:: Material for this task ::

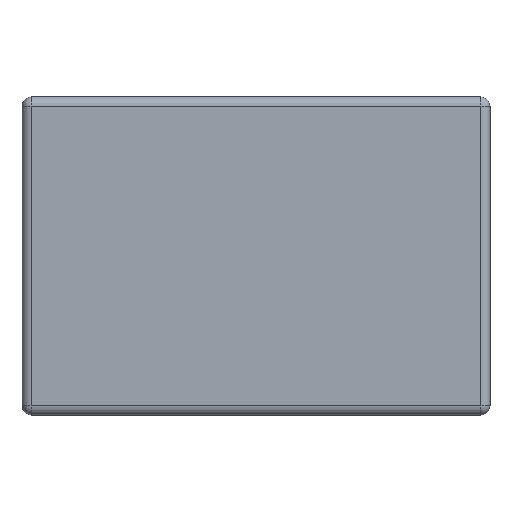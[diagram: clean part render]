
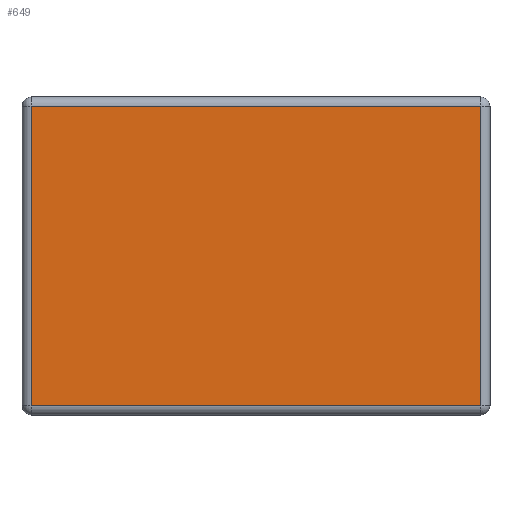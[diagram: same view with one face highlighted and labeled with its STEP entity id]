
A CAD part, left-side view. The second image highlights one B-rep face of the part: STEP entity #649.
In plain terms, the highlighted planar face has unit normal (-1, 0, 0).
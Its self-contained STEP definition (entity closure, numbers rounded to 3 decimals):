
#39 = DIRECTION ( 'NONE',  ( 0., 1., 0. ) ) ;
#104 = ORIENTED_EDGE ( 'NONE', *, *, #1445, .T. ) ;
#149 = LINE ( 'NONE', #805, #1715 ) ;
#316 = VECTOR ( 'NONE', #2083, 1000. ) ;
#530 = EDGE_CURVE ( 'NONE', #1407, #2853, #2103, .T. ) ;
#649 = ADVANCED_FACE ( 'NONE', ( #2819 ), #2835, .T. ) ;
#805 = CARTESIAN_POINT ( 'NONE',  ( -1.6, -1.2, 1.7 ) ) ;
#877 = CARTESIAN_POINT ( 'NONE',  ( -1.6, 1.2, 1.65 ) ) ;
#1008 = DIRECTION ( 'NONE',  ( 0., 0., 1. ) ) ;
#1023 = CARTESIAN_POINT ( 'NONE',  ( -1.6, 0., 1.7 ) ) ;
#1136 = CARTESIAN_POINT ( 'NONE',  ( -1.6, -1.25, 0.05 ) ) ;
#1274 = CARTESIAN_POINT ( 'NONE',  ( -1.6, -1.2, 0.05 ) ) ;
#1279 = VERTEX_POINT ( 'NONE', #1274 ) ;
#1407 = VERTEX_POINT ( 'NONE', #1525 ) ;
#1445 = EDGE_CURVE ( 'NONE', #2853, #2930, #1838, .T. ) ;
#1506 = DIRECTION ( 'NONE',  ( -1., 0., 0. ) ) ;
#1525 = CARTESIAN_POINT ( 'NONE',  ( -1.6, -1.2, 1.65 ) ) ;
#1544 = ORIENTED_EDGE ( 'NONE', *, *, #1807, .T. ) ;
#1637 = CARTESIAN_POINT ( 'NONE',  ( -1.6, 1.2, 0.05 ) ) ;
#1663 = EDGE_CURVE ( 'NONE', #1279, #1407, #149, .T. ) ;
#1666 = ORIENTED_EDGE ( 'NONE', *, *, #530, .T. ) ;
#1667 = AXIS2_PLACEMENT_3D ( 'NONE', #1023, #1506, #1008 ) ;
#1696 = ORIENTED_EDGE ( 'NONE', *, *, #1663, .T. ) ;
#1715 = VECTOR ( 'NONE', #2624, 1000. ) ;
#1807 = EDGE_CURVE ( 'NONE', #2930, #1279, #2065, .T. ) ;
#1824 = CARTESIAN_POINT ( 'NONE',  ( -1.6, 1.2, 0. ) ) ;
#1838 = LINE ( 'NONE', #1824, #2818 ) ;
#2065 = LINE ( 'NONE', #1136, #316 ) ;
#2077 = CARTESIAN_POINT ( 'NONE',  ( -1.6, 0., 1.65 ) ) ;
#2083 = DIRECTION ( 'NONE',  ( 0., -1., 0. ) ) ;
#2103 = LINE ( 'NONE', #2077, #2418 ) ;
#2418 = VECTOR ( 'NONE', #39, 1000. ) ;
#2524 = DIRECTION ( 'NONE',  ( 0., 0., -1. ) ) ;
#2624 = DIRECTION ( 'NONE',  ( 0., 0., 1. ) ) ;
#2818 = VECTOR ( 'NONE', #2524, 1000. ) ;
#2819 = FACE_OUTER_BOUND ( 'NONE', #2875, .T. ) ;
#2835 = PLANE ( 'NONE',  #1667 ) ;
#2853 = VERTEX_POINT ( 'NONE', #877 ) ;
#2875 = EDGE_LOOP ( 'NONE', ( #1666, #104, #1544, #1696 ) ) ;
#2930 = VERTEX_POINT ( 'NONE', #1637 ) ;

:::

_Exercise requirements_
The records above must be printed exactly; the pictures stay out.

_The completed task_
[diagram: clean part render]
[diagram: same view with one face highlighted and labeled with its STEP entity id]
A CAD part, left-side view. The second image highlights one B-rep face of the part: STEP entity #649.
In plain terms, the highlighted planar face has unit normal (-1, 0, 0).
Its self-contained STEP definition (entity closure, numbers rounded to 3 decimals):
#39 = DIRECTION ( 'NONE',  ( 0., 1., 0. ) ) ;
#104 = ORIENTED_EDGE ( 'NONE', *, *, #1445, .T. ) ;
#149 = LINE ( 'NONE', #805, #1715 ) ;
#316 = VECTOR ( 'NONE', #2083, 1000. ) ;
#530 = EDGE_CURVE ( 'NONE', #1407, #2853, #2103, .T. ) ;
#649 = ADVANCED_FACE ( 'NONE', ( #2819 ), #2835, .T. ) ;
#805 = CARTESIAN_POINT ( 'NONE',  ( -1.6, -1.2, 1.7 ) ) ;
#877 = CARTESIAN_POINT ( 'NONE',  ( -1.6, 1.2, 1.65 ) ) ;
#1008 = DIRECTION ( 'NONE',  ( 0., 0., 1. ) ) ;
#1023 = CARTESIAN_POINT ( 'NONE',  ( -1.6, 0., 1.7 ) ) ;
#1136 = CARTESIAN_POINT ( 'NONE',  ( -1.6, -1.25, 0.05 ) ) ;
#1274 = CARTESIAN_POINT ( 'NONE',  ( -1.6, -1.2, 0.05 ) ) ;
#1279 = VERTEX_POINT ( 'NONE', #1274 ) ;
#1407 = VERTEX_POINT ( 'NONE', #1525 ) ;
#1445 = EDGE_CURVE ( 'NONE', #2853, #2930, #1838, .T. ) ;
#1506 = DIRECTION ( 'NONE',  ( -1., 0., 0. ) ) ;
#1525 = CARTESIAN_POINT ( 'NONE',  ( -1.6, -1.2, 1.65 ) ) ;
#1544 = ORIENTED_EDGE ( 'NONE', *, *, #1807, .T. ) ;
#1637 = CARTESIAN_POINT ( 'NONE',  ( -1.6, 1.2, 0.05 ) ) ;
#1663 = EDGE_CURVE ( 'NONE', #1279, #1407, #149, .T. ) ;
#1666 = ORIENTED_EDGE ( 'NONE', *, *, #530, .T. ) ;
#1667 = AXIS2_PLACEMENT_3D ( 'NONE', #1023, #1506, #1008 ) ;
#1696 = ORIENTED_EDGE ( 'NONE', *, *, #1663, .T. ) ;
#1715 = VECTOR ( 'NONE', #2624, 1000. ) ;
#1807 = EDGE_CURVE ( 'NONE', #2930, #1279, #2065, .T. ) ;
#1824 = CARTESIAN_POINT ( 'NONE',  ( -1.6, 1.2, 0. ) ) ;
#1838 = LINE ( 'NONE', #1824, #2818 ) ;
#2065 = LINE ( 'NONE', #1136, #316 ) ;
#2077 = CARTESIAN_POINT ( 'NONE',  ( -1.6, 0., 1.65 ) ) ;
#2083 = DIRECTION ( 'NONE',  ( 0., -1., 0. ) ) ;
#2103 = LINE ( 'NONE', #2077, #2418 ) ;
#2418 = VECTOR ( 'NONE', #39, 1000. ) ;
#2524 = DIRECTION ( 'NONE',  ( 0., 0., -1. ) ) ;
#2624 = DIRECTION ( 'NONE',  ( 0., 0., 1. ) ) ;
#2818 = VECTOR ( 'NONE', #2524, 1000. ) ;
#2819 = FACE_OUTER_BOUND ( 'NONE', #2875, .T. ) ;
#2835 = PLANE ( 'NONE',  #1667 ) ;
#2853 = VERTEX_POINT ( 'NONE', #877 ) ;
#2875 = EDGE_LOOP ( 'NONE', ( #1666, #104, #1544, #1696 ) ) ;
#2930 = VERTEX_POINT ( 'NONE', #1637 ) ;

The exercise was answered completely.